Author: Ayeh Bolouki
Package: raptor-rnaseq (PyPI)
Updated: 17 March 2025
This folder contains example scripts demonstrating the complete RAPTOR RNA-seq analysis workflow. Each script is self-contained with demo mode and can also accept real data.
| Script | Module | What It Does | Needs Tools? |
|---|---|---|---|
01_quick_count.py |
M1 | FASTQ → quick counts (Salmon/Kallisto) | Yes (Salmon or Kallisto) |
02_quality_assessment.py |
M2 | Count matrix → QC report (0-100 score) | No |
03_data_profiler.py |
M3 | Count matrix → 32 statistical features | No |
04_recommender.py |
M4 | Profile → pipeline recommendation | No |
05_production_pipeline.py |
M5 | FASTQ → production counts (STAR/HISAT2) | Yes (STAR, HISAT2, etc.) |
07_DE_Import.py |
M7 | R DE results → standardized format | No |
08_Parameter_Optimization.py |
M8 | DE results → optimized thresholds | No |
09_Ensemble_Analysis.py |
M9 | Multiple DE results → consensus genes | No |
10_qc_scenarios.py |
M2 | Stress test: 4 QC scenarios | No |
11_recommender_scenarios.py |
M4 | Stress test: 5 recommender scenarios | No |
Note: M6 (R-based DE analysis) is performed in R, not Python.

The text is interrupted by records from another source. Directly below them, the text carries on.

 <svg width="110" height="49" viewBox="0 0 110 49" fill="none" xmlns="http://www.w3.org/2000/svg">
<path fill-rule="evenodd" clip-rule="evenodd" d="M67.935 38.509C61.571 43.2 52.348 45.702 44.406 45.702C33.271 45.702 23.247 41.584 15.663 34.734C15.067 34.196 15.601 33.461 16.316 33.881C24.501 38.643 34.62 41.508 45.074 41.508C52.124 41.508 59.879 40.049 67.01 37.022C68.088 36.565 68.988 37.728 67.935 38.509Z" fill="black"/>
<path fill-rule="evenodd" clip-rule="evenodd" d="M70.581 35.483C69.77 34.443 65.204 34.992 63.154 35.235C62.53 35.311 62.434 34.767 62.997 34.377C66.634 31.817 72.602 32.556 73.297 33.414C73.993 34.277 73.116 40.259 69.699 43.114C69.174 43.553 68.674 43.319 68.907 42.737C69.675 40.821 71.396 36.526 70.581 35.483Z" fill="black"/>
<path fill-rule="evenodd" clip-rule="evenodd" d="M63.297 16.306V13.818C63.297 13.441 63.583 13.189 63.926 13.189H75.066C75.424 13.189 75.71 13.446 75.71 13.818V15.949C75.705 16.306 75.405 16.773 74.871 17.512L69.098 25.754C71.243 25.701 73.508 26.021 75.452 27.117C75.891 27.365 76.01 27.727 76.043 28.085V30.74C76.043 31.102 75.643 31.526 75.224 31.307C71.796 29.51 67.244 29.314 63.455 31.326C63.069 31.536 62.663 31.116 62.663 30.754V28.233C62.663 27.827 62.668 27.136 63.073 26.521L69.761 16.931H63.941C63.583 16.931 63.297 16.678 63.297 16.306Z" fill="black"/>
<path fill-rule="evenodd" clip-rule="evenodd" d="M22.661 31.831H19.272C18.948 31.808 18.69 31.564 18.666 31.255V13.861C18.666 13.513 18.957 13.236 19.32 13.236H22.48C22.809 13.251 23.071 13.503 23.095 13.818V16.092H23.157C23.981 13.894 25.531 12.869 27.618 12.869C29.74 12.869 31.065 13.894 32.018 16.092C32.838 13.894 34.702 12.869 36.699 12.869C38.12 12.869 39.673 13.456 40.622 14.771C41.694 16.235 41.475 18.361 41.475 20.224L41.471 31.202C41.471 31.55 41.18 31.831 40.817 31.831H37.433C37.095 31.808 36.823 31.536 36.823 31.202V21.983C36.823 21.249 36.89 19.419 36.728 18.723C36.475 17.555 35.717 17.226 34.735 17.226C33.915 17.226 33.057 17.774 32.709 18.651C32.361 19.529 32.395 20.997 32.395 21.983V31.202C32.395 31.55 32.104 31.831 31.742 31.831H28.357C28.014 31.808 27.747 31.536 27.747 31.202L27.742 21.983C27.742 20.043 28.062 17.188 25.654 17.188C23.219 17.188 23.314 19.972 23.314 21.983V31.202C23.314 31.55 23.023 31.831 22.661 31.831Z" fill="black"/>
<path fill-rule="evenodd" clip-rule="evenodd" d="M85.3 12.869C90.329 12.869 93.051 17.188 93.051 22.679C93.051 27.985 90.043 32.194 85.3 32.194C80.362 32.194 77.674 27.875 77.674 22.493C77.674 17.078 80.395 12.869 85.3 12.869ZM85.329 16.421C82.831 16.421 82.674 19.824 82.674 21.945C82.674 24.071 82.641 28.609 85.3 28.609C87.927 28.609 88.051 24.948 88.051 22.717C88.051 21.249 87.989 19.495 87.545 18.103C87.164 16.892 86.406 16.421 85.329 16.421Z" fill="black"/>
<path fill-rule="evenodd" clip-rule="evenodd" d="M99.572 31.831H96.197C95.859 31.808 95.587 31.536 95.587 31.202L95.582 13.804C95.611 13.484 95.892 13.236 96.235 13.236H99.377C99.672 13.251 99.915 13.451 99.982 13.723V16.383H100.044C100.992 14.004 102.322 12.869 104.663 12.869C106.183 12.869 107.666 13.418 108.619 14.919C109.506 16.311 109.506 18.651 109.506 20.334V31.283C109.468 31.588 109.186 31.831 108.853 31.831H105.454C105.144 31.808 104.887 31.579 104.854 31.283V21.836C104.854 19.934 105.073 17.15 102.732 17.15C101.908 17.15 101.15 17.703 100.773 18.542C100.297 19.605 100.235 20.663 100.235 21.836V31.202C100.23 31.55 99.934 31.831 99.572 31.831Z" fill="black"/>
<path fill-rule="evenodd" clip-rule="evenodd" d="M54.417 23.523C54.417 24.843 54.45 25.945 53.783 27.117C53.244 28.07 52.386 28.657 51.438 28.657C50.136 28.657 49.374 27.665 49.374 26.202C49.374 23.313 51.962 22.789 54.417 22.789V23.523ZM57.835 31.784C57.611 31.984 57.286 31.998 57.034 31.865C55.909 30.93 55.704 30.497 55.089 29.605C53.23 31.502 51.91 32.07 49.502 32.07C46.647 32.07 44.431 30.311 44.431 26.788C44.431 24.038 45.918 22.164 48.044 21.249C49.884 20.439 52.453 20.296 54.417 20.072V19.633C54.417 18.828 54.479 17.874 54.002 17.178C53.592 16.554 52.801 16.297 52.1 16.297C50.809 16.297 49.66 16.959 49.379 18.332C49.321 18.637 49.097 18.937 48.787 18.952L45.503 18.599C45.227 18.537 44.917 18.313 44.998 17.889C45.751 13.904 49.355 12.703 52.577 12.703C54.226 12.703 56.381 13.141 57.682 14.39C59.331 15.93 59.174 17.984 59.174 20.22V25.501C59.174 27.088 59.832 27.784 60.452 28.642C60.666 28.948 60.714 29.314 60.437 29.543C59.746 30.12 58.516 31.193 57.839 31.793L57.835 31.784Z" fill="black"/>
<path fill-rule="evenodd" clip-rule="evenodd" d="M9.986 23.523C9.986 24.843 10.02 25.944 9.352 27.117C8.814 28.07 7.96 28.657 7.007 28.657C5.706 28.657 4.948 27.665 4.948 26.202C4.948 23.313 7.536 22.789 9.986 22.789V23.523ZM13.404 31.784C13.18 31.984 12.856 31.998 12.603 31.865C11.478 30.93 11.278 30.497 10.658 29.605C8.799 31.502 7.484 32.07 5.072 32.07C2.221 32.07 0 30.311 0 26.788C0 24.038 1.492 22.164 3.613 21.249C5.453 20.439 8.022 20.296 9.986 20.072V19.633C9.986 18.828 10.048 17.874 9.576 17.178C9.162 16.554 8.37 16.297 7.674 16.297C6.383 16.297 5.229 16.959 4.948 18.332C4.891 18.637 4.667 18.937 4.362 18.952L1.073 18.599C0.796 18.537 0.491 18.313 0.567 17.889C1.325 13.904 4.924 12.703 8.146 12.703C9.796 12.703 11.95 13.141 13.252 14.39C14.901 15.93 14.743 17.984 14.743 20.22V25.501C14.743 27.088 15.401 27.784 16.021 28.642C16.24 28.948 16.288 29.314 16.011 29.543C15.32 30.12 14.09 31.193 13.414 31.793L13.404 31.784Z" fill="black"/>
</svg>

Note: M10 (Biomarker Discovery) is planned for v3.0.0.
# Install RAPTOR
pip install raptor-rnaseq
# Or editable install (for development)
cd RAPTOR-main
pip install -e .
# Verify
raptor --version
python -c "import raptor; print(raptor.__version__)"Set UTF-8 encoding before running any example (Windows terminals use cp1252 by default which cannot render Unicode characters in the scripts):
$env:PYTHONIOENCODING = "utf-8"No real data needed — each script generates simulated data internally:
# Stage 1: Fast Profiling (M2 → M3 → M4)
python examples/02_quality_assessment.py # Creates results/qc/
python examples/03_data_profiler.py # Creates results/profile.json
python examples/04_recommender.py --profile results/profile.json # Creates results/recommendation.json
# Stage 3: DE Analysis (M7 → M8 → M9)
python examples/07_DE_Import.py --demo # Creates results/de_imported/
python examples/08_Parameter_Optimization.py --demo # Creates results/parameter_optimization/
python examples/09_Ensemble_Analysis.py --demo # Creates results/ensemble_analysis/# M2: QC with your count matrix
python examples/02_quality_assessment.py --counts my_counts.csv --metadata my_metadata.csv
# M3: Profile your data
python examples/03_data_profiler.py --counts results/qc/counts_clean.csv
# M4: Get recommendation based on your profile
python examples/04_recommender.py --profile results/profile.json
# M7: Import your R analysis results
python examples/07_DE_Import.py --de-file deseq2_results.csv --pipeline deseq2
# M8: Optimize parameters using M7 output
python examples/08_Parameter_Optimization.py --de-result results/de_imported/de_result.pkl
# M9: Combine multiple DE methods
python examples/09_Ensemble_Analysis.py --de-results results/de_imported/de_result.pklSTAGE 1: Fast Profiling (Python only, ~5 min)
═══════════════════════════════════════════════
M1: FASTQ files ──→ quick_gene_counts.csv (requires Salmon/Kallisto)
│
M2: counts.csv ──→ qc_results.json 02_quality_assessment.py
│ counts_clean.csv
M3: counts.csv ──→ profile.json (32 features) 03_data_profiler.py
│
M4: profile.json ──→ recommendation.json 04_recommender.py
│ (DESeq2/edgeR/limma)
STAGE 2: Production Quantification (requires tools, ~1-2 hrs)
═══════════════════════════════════════════════════════════════
M5: FASTQ files ──→ gene_counts.csv 05_production_pipeline.py
tx_counts.csv
STAGE 3: DE Analysis (R + Python, ~30 min)
══════════════════════════════════════════
M6: counts ──→ deseq2_results.csv (run in R)
edger_results.csv
limma_results.csv
│
M7: R output ──→ de_standardized.csv 07_DE_Import.py
│ de_result.pkl
M8: de_result ──→ optimized_parameters.json 08_Parameter_Optimization.py
│
M9: multiple ──→ consensus_genes.csv 09_Ensemble_Analysis.py
methods method_comparison.csv
Each module's output feeds into the next:
M2 output (counts_clean.csv) → M3 input
M3 output (profile.json) → M4 input
M7 output (de_result.pkl) → M8 input
M7 output (de_result.pkl) → M9 input (multiple files)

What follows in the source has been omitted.